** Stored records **
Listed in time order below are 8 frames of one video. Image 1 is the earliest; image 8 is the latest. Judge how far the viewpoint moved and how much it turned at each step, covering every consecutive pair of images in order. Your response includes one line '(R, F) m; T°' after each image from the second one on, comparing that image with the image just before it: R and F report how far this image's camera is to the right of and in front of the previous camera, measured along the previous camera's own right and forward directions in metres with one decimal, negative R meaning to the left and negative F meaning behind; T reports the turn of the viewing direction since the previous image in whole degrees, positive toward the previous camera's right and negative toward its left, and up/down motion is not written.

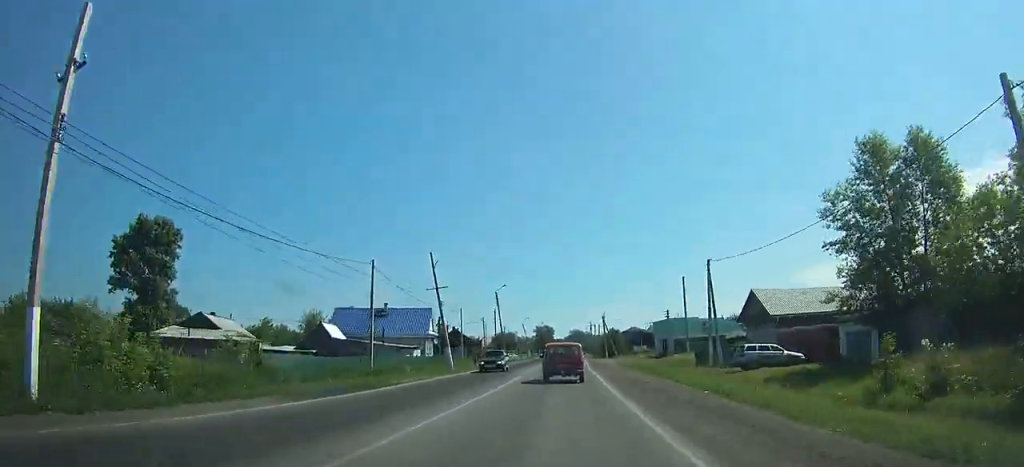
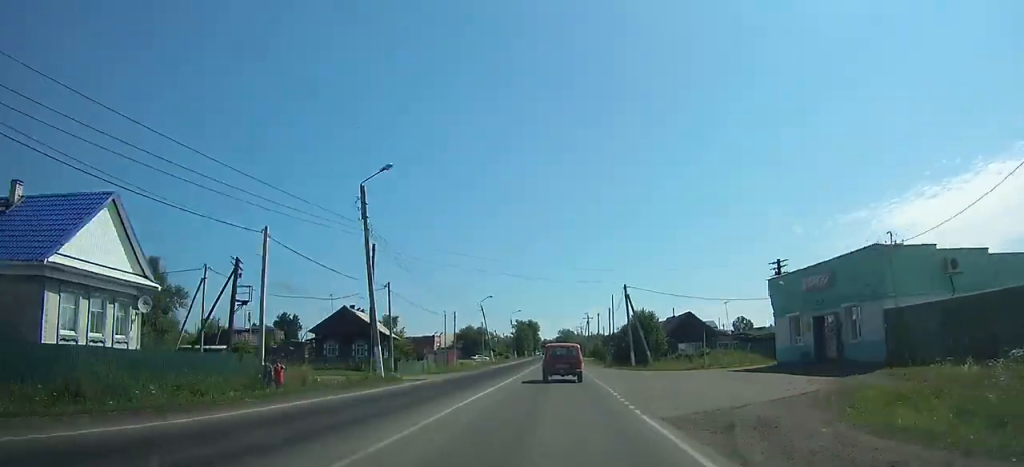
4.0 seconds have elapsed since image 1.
(+1.6, +54.3) m; +2°
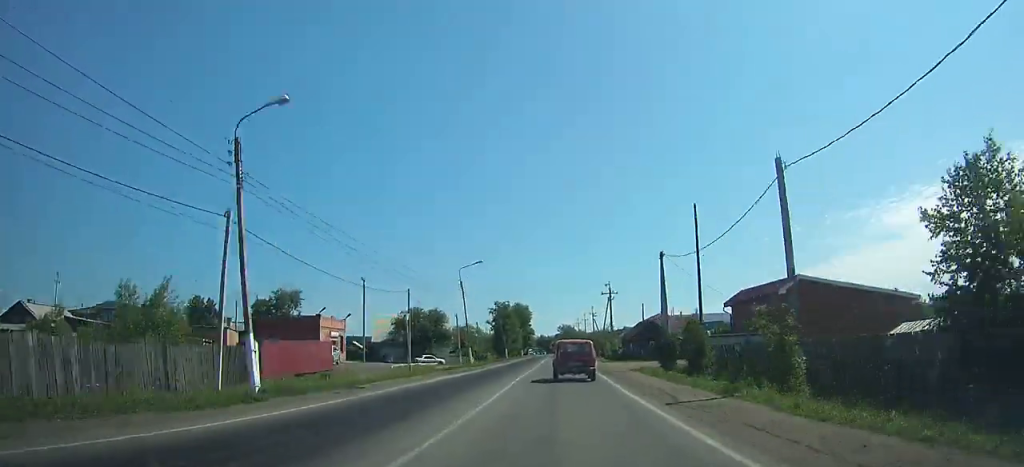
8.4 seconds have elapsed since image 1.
(-0.2, +56.0) m; 0°
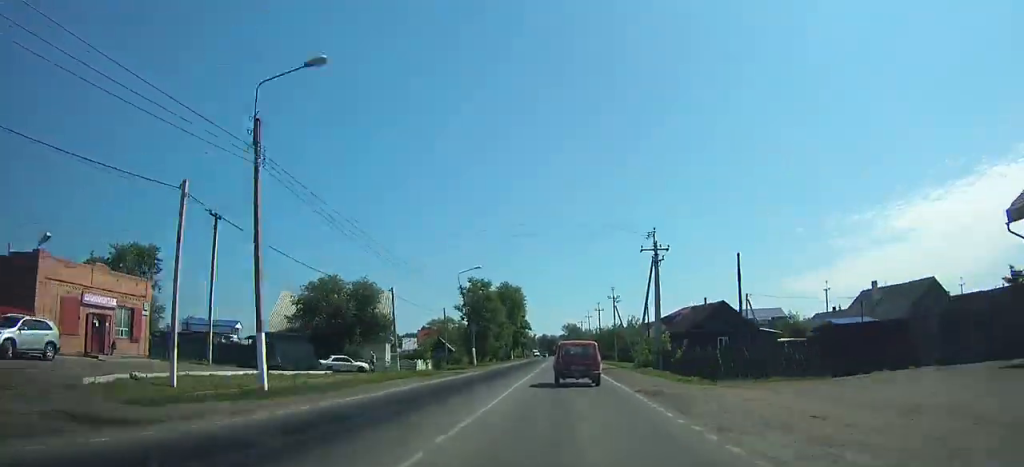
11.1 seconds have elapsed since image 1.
(+0.1, +34.2) m; 0°
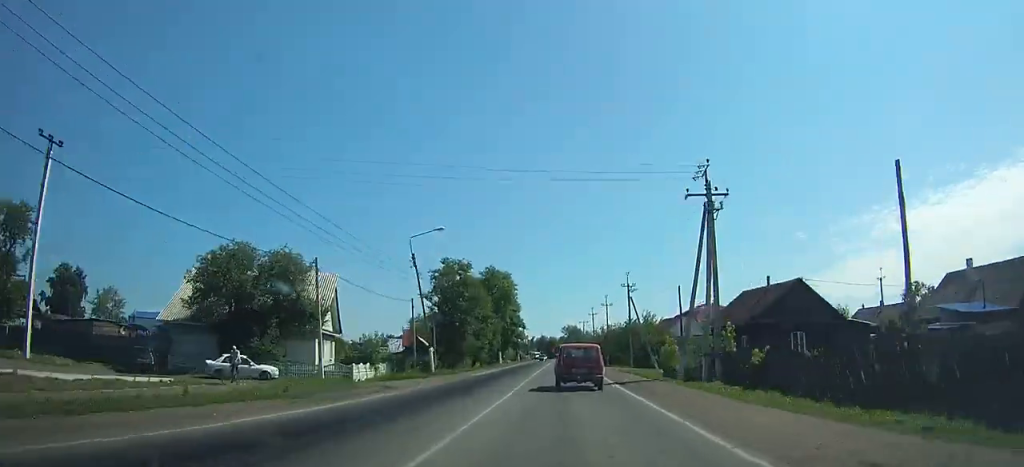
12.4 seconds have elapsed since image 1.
(0.0, +16.4) m; 0°
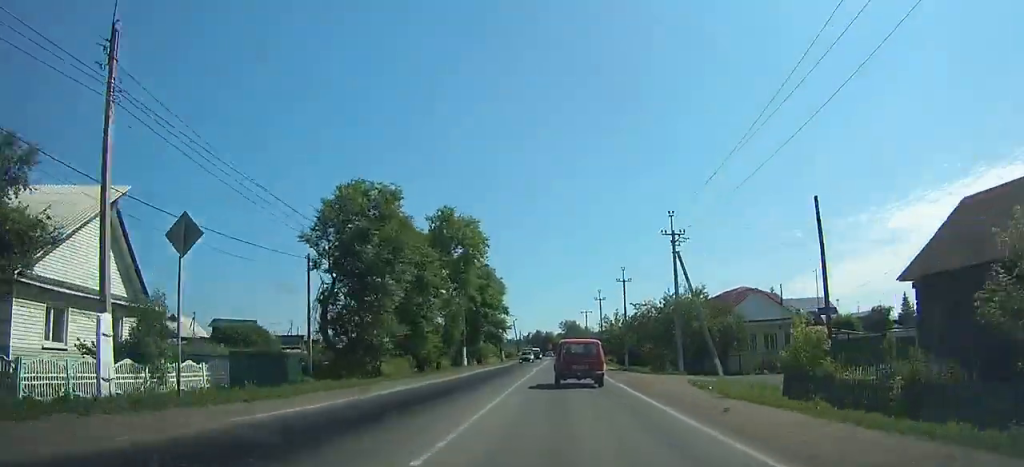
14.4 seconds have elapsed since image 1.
(0.0, +24.9) m; 0°
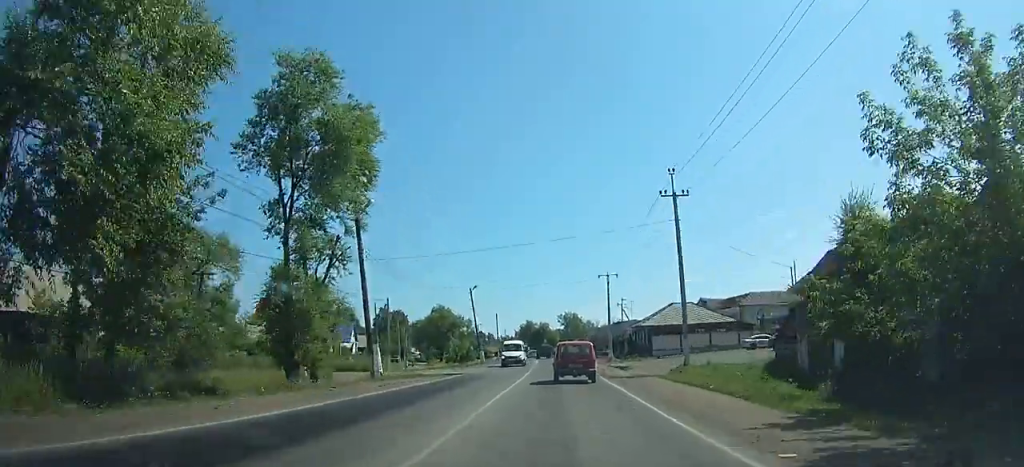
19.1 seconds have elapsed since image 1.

** What is expected **
Go back to the line containing "12.4 seconds have elapsed since image 1." and output it and every line after it through the end of the records, exactly, but not the pictures.

** Task solution **
12.4 seconds have elapsed since image 1.
(0.0, +16.4) m; 0°
14.4 seconds have elapsed since image 1.
(0.0, +24.9) m; 0°
19.1 seconds have elapsed since image 1.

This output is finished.